QUESTION: And what was it like, reading the novel after all this time?
SKIBELL: Well, I hadn’t looked at it in many years, and I have to say—and I don’t mean for this to sound immodest—but I was a little in awe of the audacity of the young writer I encountered there. That guy was fearless, more fearless, I thought, than certainly I could ever be now. And he really seemed to know how to put a novel together. He left a lot there for Andy and me to work with, that’s for sure. But I also saw the flaws.
QUESTION: Let’s speak of the issue of the Holocaust and fiction. When A Blessing on the Moon first came out, the issue seemed more controversial than it does today. Why do you think that is?
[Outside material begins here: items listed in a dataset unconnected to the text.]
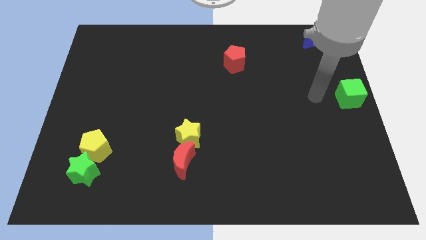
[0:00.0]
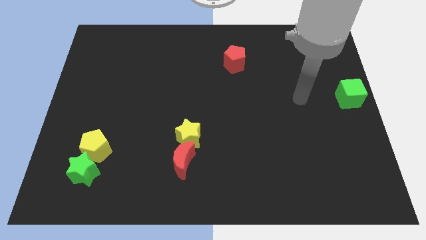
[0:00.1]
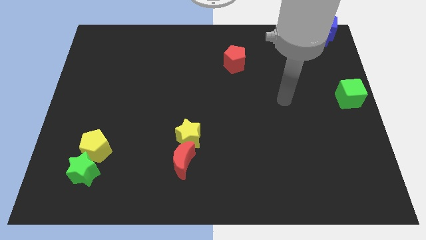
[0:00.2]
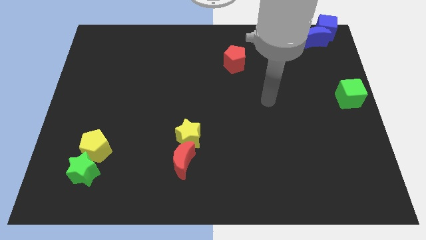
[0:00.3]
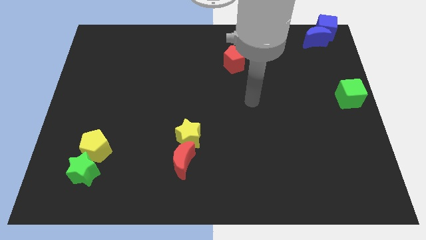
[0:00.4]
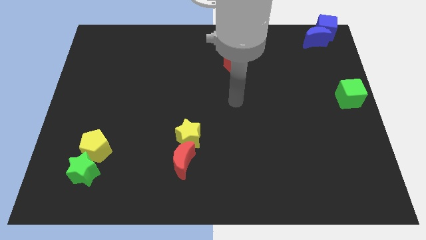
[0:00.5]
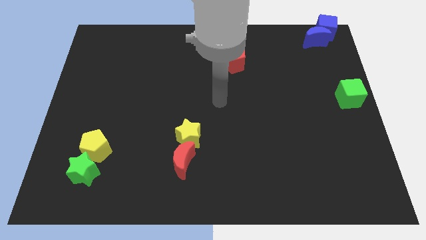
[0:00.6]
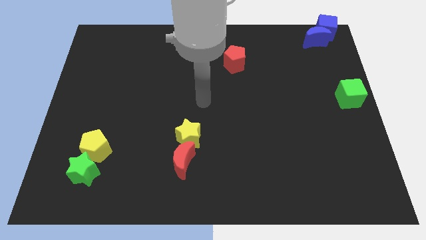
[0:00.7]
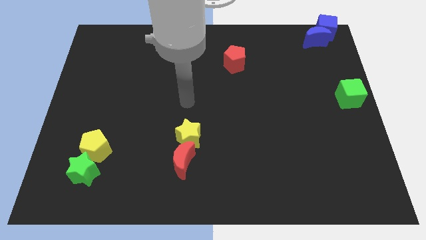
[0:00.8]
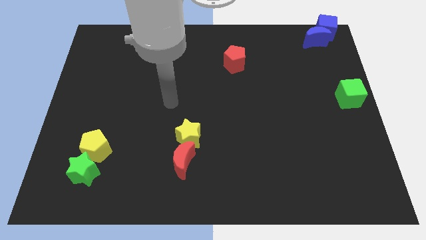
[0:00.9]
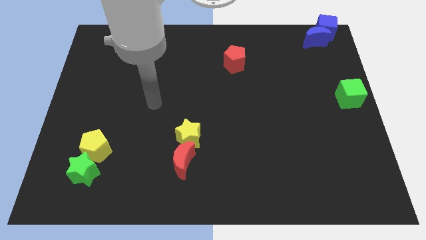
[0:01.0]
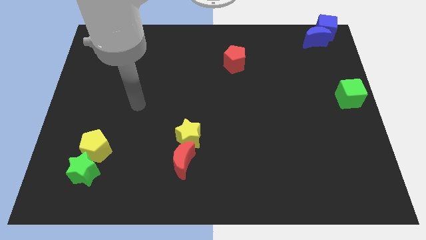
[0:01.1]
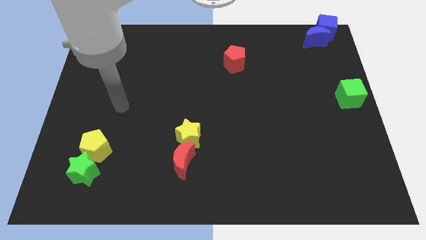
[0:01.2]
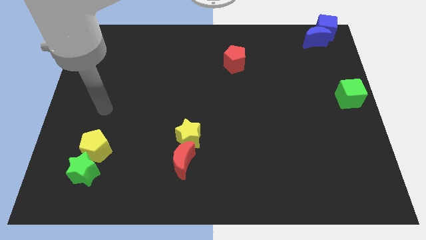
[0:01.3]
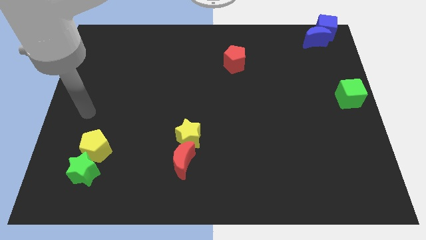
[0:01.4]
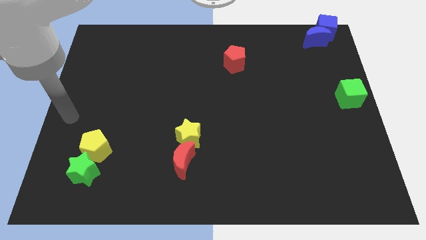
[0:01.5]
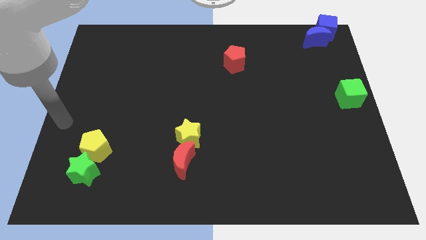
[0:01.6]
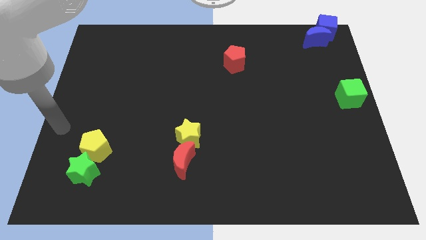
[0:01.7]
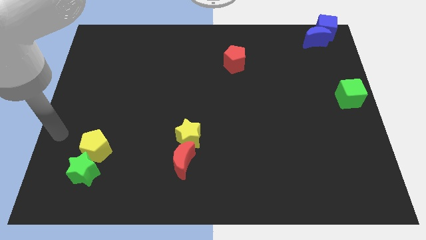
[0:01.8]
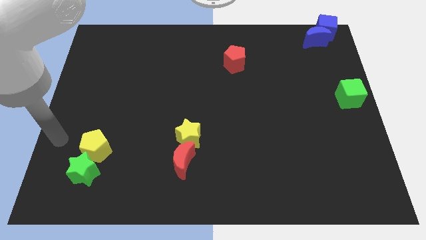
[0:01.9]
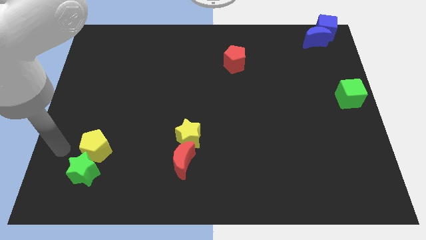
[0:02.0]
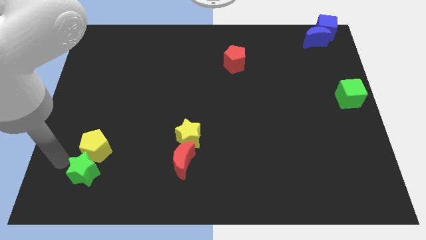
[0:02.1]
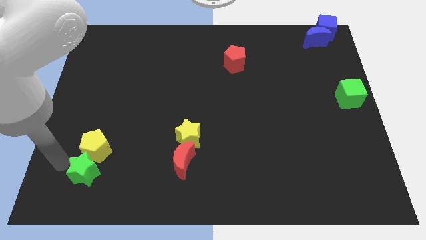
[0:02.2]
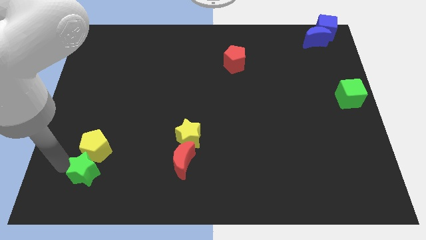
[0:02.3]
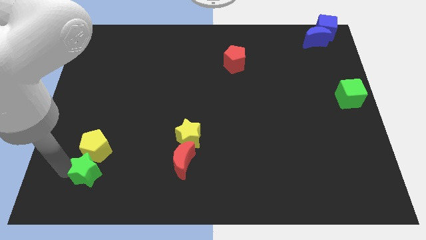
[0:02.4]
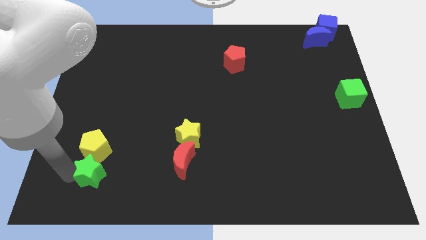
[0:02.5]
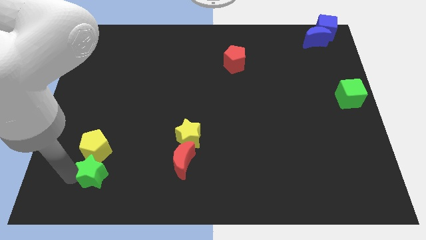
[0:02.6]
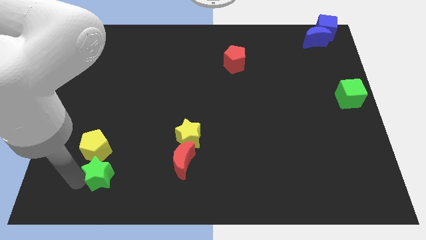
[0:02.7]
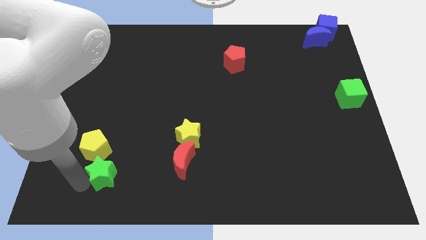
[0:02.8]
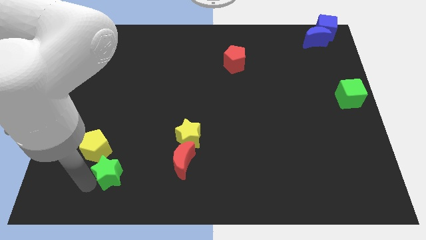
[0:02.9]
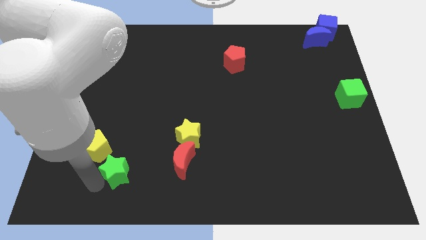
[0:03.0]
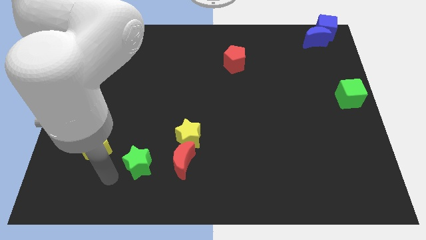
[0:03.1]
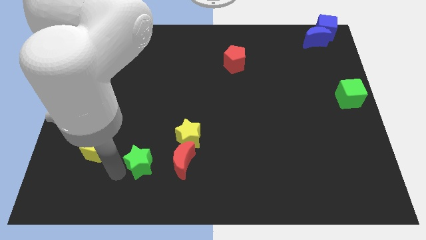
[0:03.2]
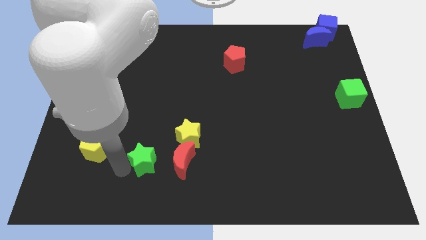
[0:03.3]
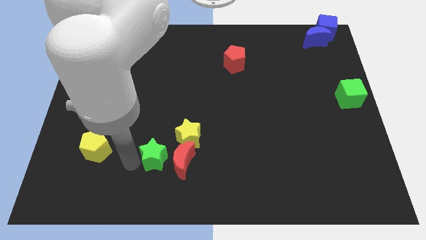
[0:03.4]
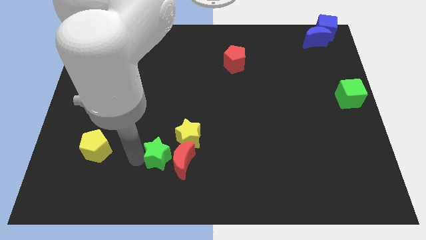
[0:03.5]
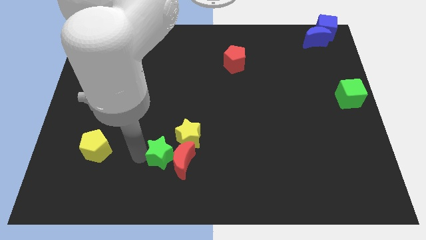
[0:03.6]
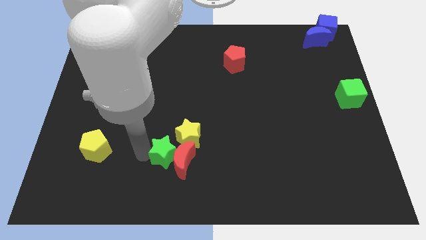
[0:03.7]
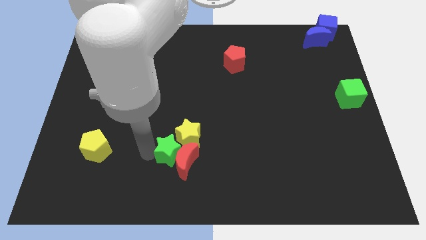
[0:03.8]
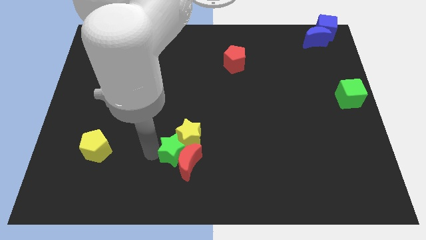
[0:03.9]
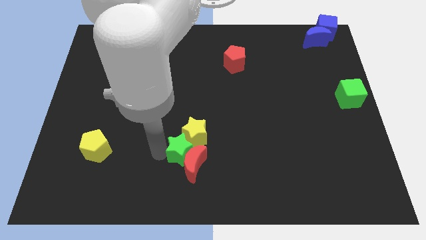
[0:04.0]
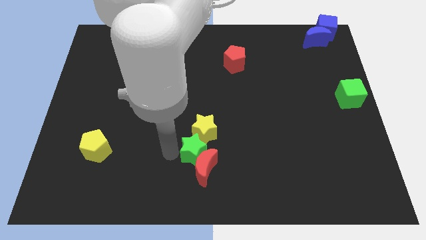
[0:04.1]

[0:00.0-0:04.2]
move the green star into the group of blocks

SKIBELL: I don’t know. The question has always seemed a little odd to me, especially in relationship to A Blessing on the Moon, since, with the exception of about three paragraphs—the opening and, a little later, the exposition about the murder of the little boy nicknamed Pillow—I don’t believe there’s any depiction of any actual events from the war. Except for those three or so paragraphs, the entirety of the book takes place in the corridor between this world and the next. I don’t mean to make light of it, and I hope I don’t seem disingenuous, but those three paragraphs are a description of a massacre, and I don’t believe that anyone who advocates against creating fictions based on the events of the Holocaust has ever suggested that it’s taboo to describe a massacre.